Two enterprising entomologists tracked down a rare, blood-drawing beetle that vanished from Victoria’s seaside bluffs 90 years ago. The bite of the Audouin's Night-stalking Tiger beetle is capable of drawing blood.Andy Teucher/Handout

In the summer of 1924, a beetle was found somewhere along the seaside bluffs below Victoria's Dallas Road. More precisely, it was an Audouin's Night-stalking Tiger Beetle – a fast, active predator, big enough to draw blood from a human hand.

The following spring, a second beetle was found along a nearby path, making a matched pair.

From there, the trail ran cold. Was that the end of the line?

The fragile Garry Oak habitat around Victoria provided just the right hunting grounds for the voracious beetle and its larvae, but it has been badly eroded since the 1920s.

The species might have been forgotten, but entomologist Jennifer Heron picked up the cold case.

For Ms.
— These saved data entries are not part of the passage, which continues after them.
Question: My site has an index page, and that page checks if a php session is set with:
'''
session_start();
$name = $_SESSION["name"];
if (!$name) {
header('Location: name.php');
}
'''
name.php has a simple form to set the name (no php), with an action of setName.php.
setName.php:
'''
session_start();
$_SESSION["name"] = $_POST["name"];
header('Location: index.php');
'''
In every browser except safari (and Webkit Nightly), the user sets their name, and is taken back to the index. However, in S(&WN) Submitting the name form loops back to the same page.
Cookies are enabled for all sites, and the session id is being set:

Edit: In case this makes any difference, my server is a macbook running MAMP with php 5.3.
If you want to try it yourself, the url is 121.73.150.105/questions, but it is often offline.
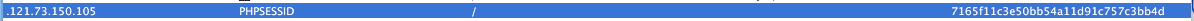
Answer: This may not be the cause of your troubles, but here's what the PHP manual has to say about "Location":
> HTTP/1.1 requires an absolute URI as argument to " Location: including the scheme, hostname and absolute path, but some clients accept relative URIs.
<URL>
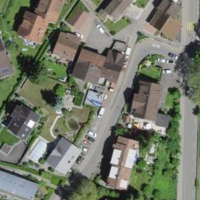
EUNIS habitat code: 54
Species observed at this site:
Euonymus fortunei
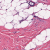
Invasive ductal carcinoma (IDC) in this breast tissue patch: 0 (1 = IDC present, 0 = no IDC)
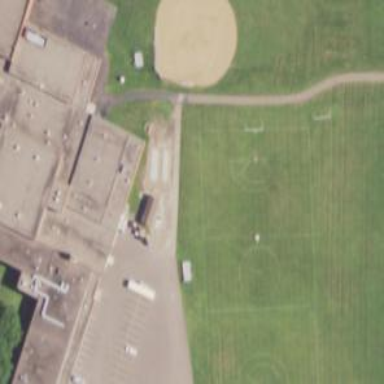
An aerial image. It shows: Soccer pitch for leisureland activities.

Heron, an invertebrate conservation specialist with the provincial ministry of environment, solving these kinds of mysteries are the thrill of the job.

In British Columbia, there are a handful of entomology collections, the main one at the Royal B.C. Museum in Victoria, but also at universities, at Agriculture Canada and the Pacific Forestry Centre. Typically, each collection will include drawers full of unidentified specimens. She dug through countless drawers, studied databases, old publications and field notes, and reached out to far-flung collectors.

"Sometimes, [the information] is in the weirdest and most random places," she said, "and you figure this out when you least expect it."

The process led her to several target areas where the large beetle might be found, including Victoria and the Vancouver suburb of White Rock.

After securing permits, she and her team set out pit traps, which they covered up just enough to keep small rodents out, leaving enough of a gap for an unsuspecting beetle to tumble in.

It is a low-tech, low-cost technique that requires patience – and a strong stomach.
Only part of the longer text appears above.